How to complete this task: Copy out the data word for word. The images are not part of the copy.
**** Task material ****
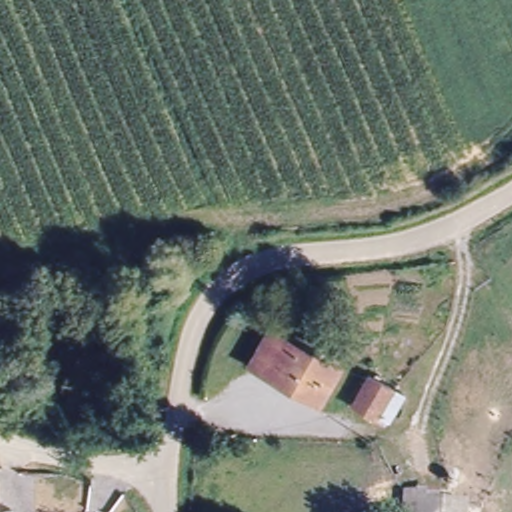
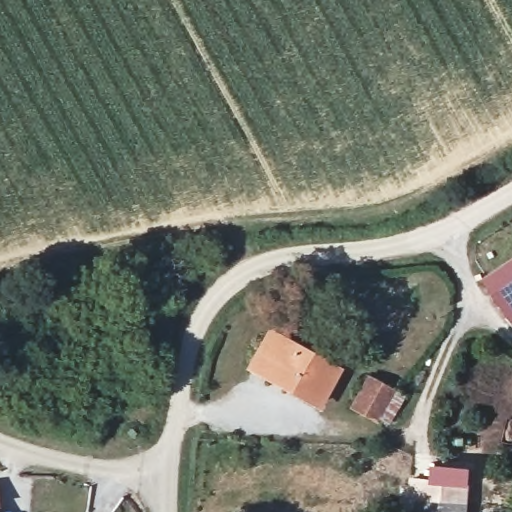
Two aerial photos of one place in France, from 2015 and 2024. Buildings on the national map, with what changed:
new [(512,260),(512,321),(484,279),(512,260)]
unchanged [(263,326),(335,362),(317,397),(244,358),(263,326)]
unchanged [(348,404),(366,374),(391,388),(375,419),(348,404)]
new [(440,498),(440,489),(409,488),(410,477),(431,480),(432,464),(471,467),(470,486),(468,499),(440,498)]
unchanged [(440,498),(468,499),(467,512),(402,512),(403,487),(440,489),(440,498)]

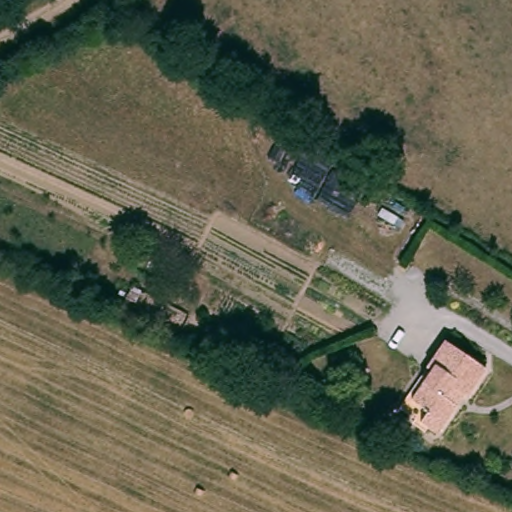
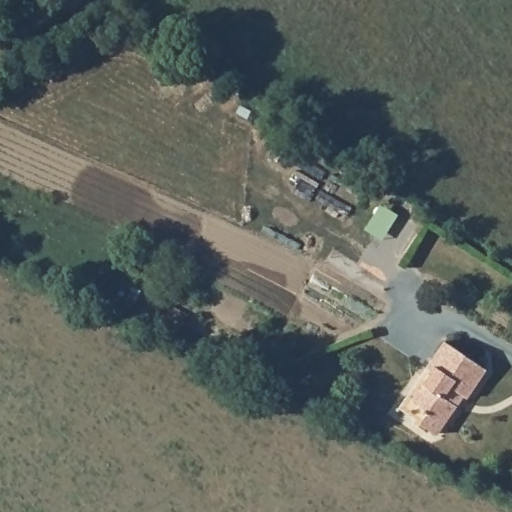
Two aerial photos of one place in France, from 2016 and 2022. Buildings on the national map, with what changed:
unchanged [(491,369),(470,397),(460,388),(451,399),(457,403),(435,432),(417,418),(427,405),(411,391),(450,337),(491,369)]

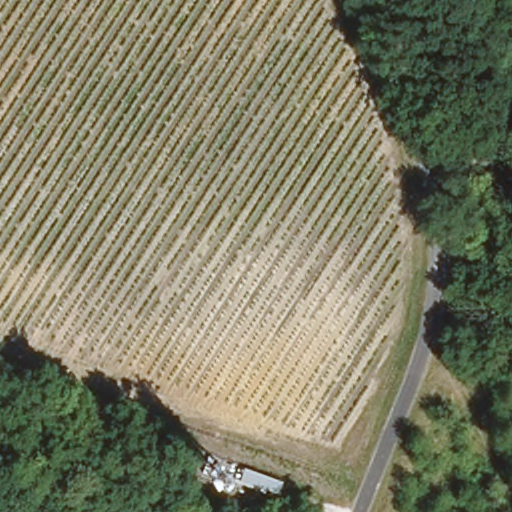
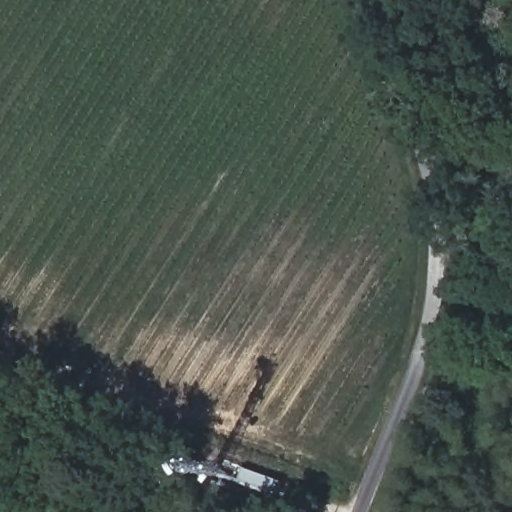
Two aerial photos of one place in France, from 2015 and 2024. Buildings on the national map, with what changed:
unchanged [(285,466),(246,452),(250,441),(289,455),(285,466)]

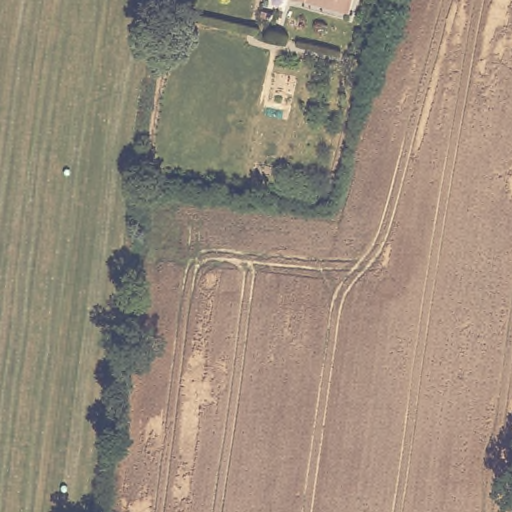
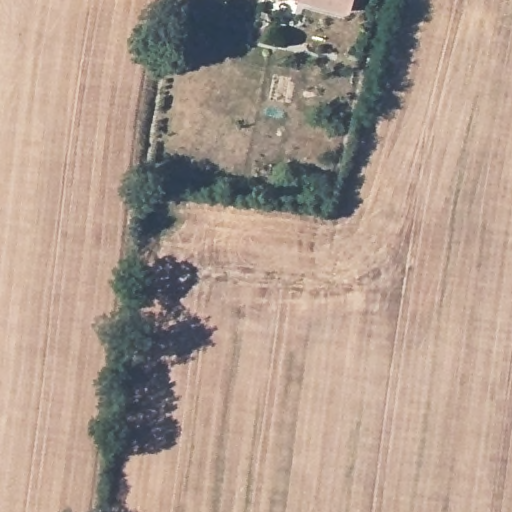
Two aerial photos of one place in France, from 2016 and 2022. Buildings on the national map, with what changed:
unchanged [(323,0),(369,0),(367,10),(323,0)]

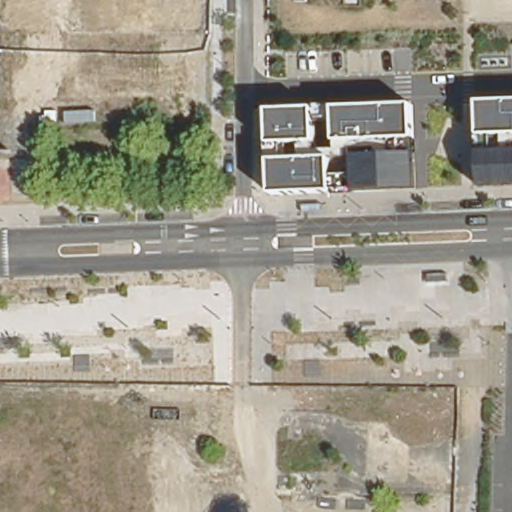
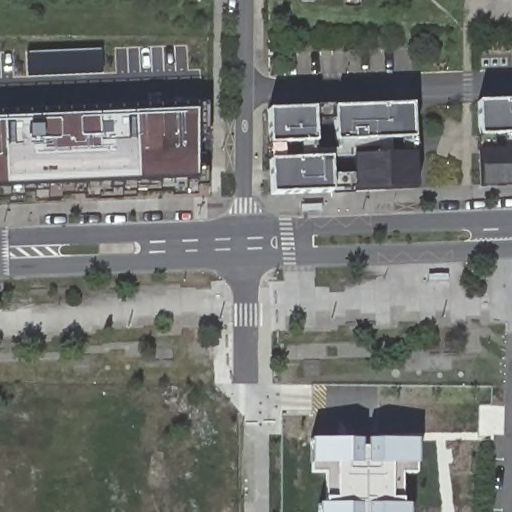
****
Task response:
Two aerial photos of one place in France, from 2015 and 2024. Buildings on the national map, with what changed:
new [(512,260),(512,321),(484,279),(512,260)]
unchanged [(263,326),(335,362),(317,397),(244,358),(263,326)]
unchanged [(348,404),(366,374),(391,388),(375,419),(348,404)]
new [(440,498),(440,489),(409,488),(410,477),(431,480),(432,464),(471,467),(470,486),(468,499),(440,498)]
unchanged [(440,498),(468,499),(467,512),(402,512),(403,487),(440,489),(440,498)]

Two aerial photos of one place in France, from 2016 and 2022. Buildings on the national map, with what changed:
unchanged [(491,369),(470,397),(460,388),(451,399),(457,403),(435,432),(417,418),(427,405),(411,391),(450,337),(491,369)]

Two aerial photos of one place in France, from 2015 and 2024. Buildings on the national map, with what changed:
unchanged [(285,466),(246,452),(250,441),(289,455),(285,466)]

Two aerial photos of one place in France, from 2016 and 2022. Buildings on the national map, with what changed:
unchanged [(323,0),(369,0),(367,10),(323,0)]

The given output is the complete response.